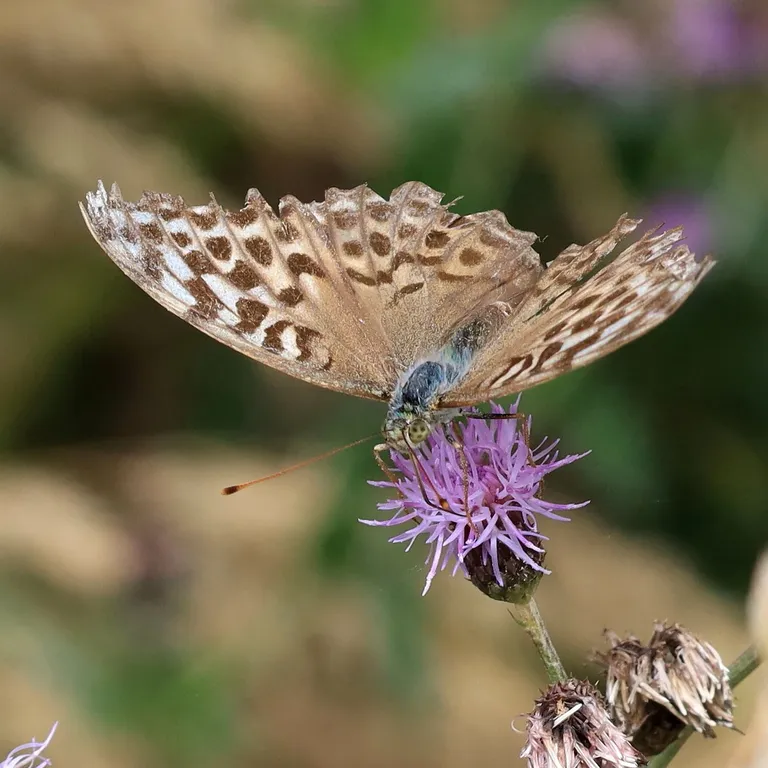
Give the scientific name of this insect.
Argynnis paphia
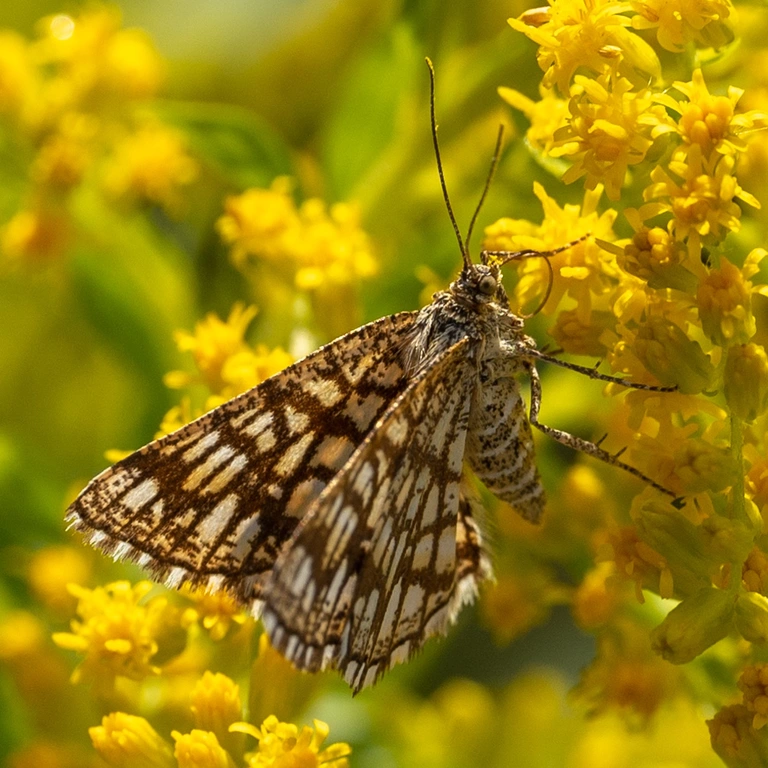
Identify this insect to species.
Chiasmia clathrata
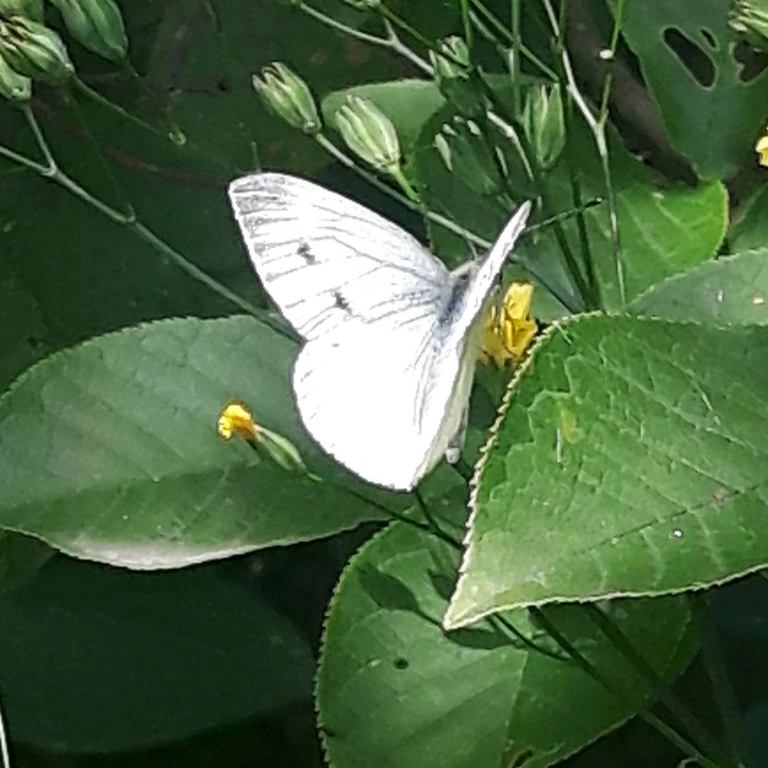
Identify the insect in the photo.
Pieris napi
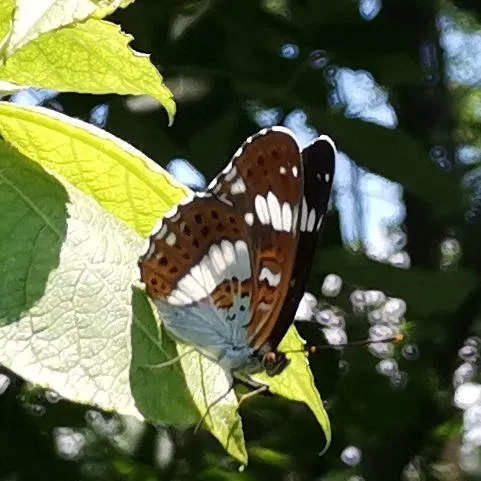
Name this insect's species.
Limenitis camilla (also Ladoga camilla)
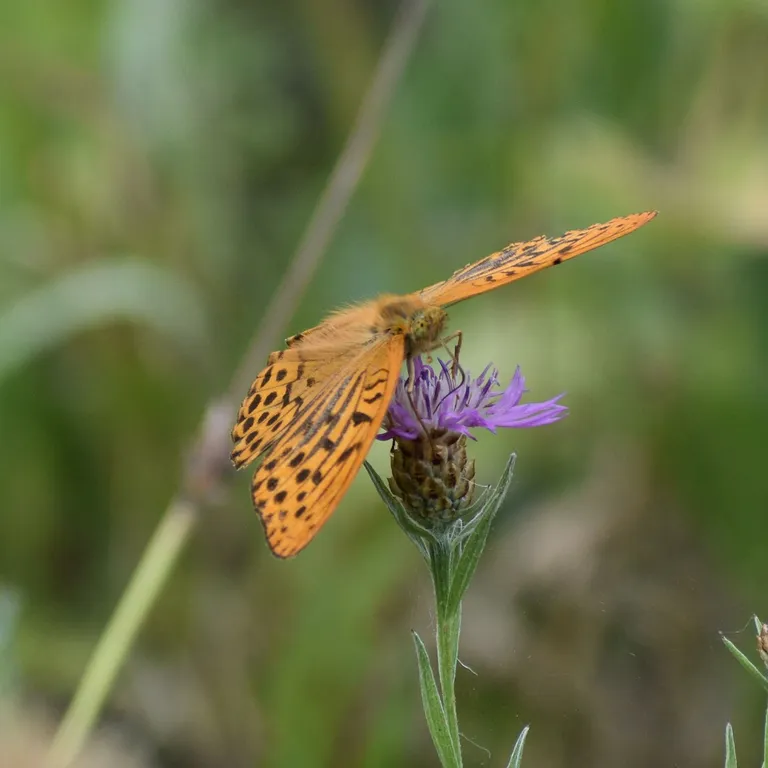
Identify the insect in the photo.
Argynnis paphia
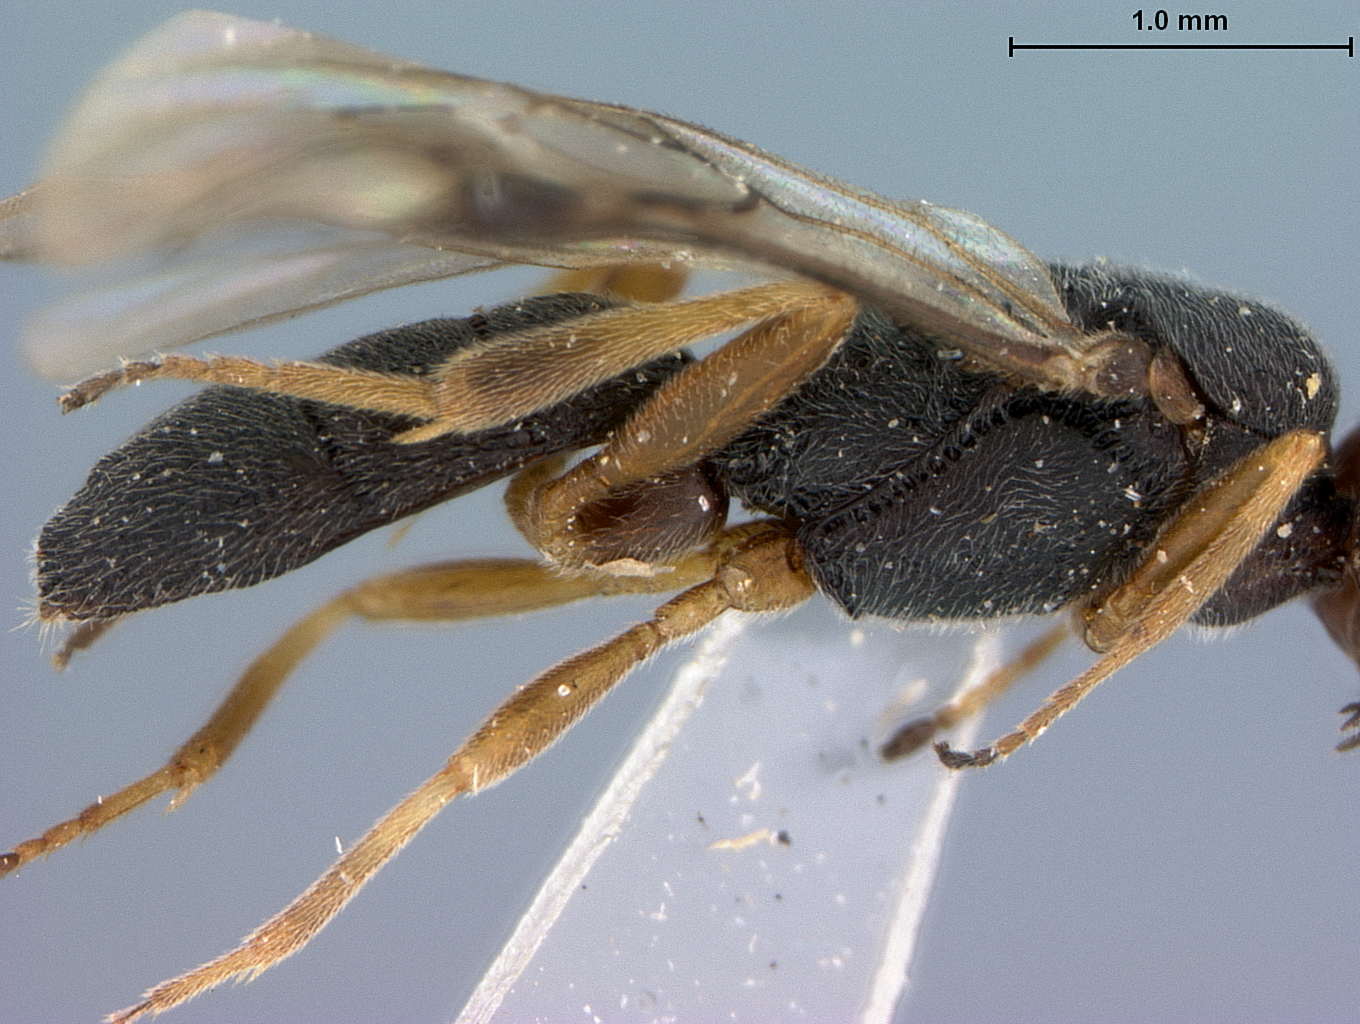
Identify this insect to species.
Phanerotoma toreutae
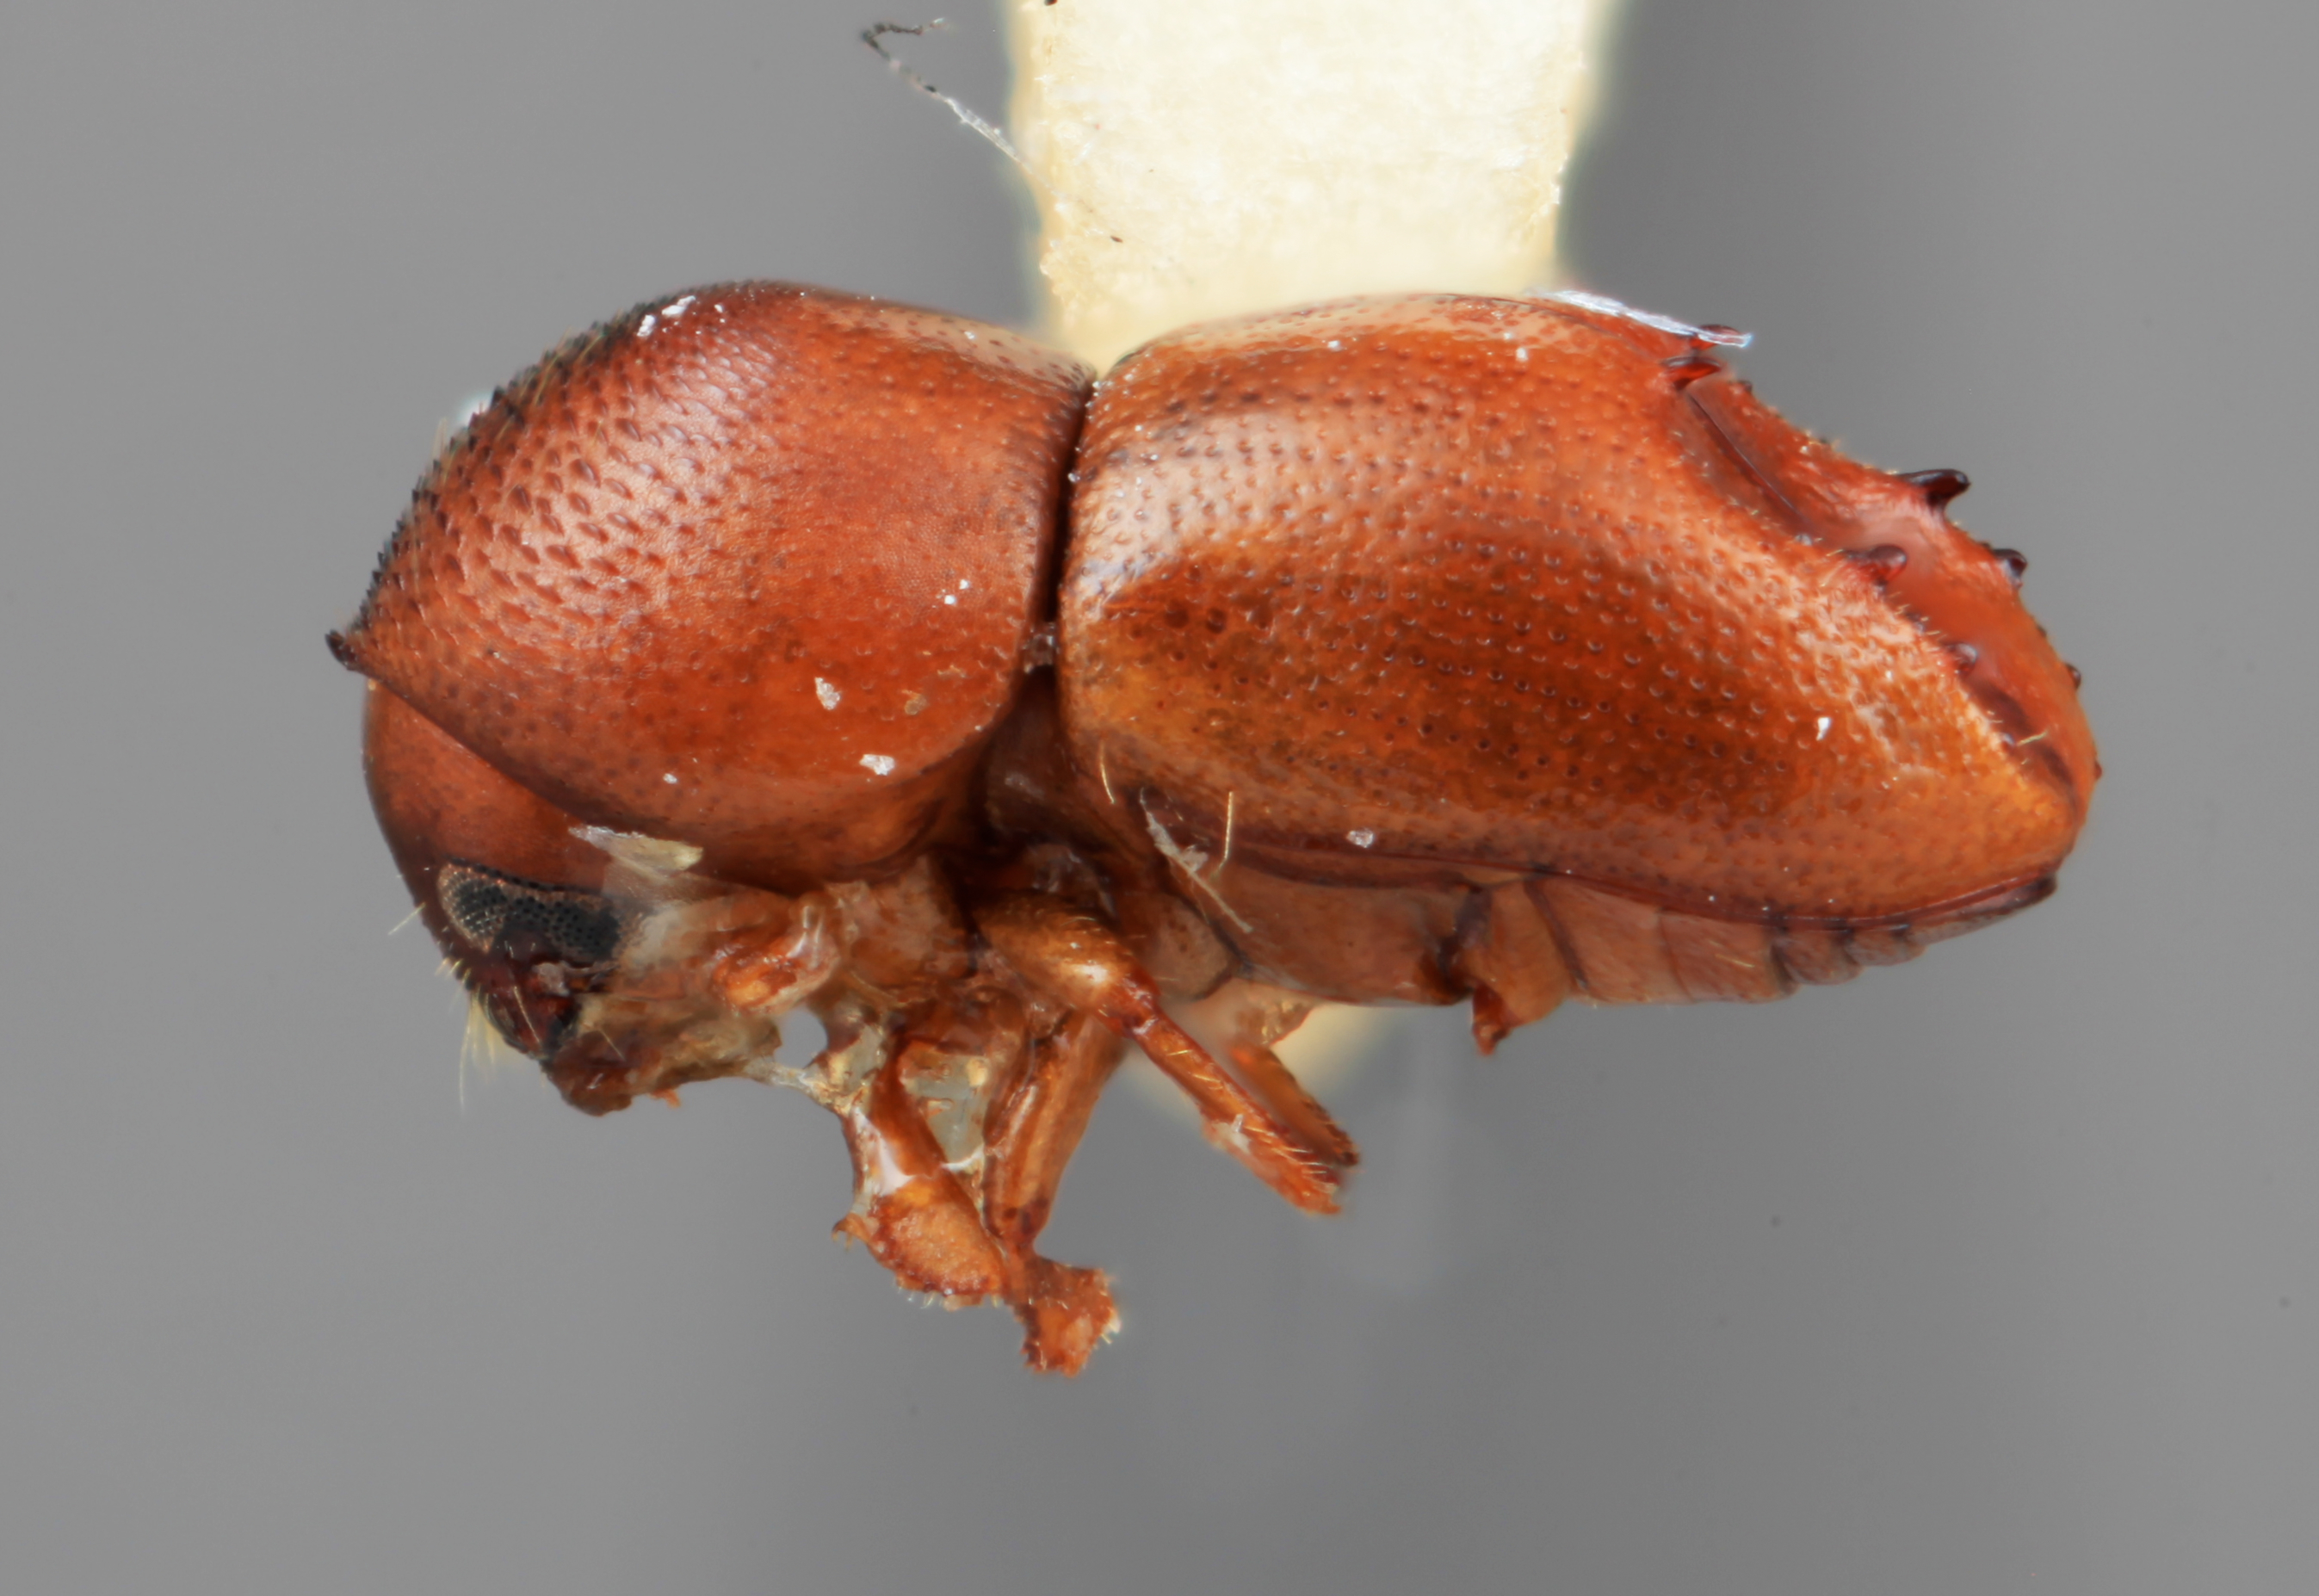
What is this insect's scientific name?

### ABOUT THIS TASK:
With the pictures set aside, please write out all of the records above exactly.

### EXPECTED OUTPUT:
Give the scientific name of this insect.
Argynnis paphia
Identify this insect to species.
Chiasmia clathrata
Identify the insect in the photo.
Pieris napi
Name this insect's species.
Limenitis camilla (also Ladoga camilla)
Identify the insect in the photo.
Argynnis paphia
Identify this insect to species.
Phanerotoma toreutae
What is this insect's scientific name?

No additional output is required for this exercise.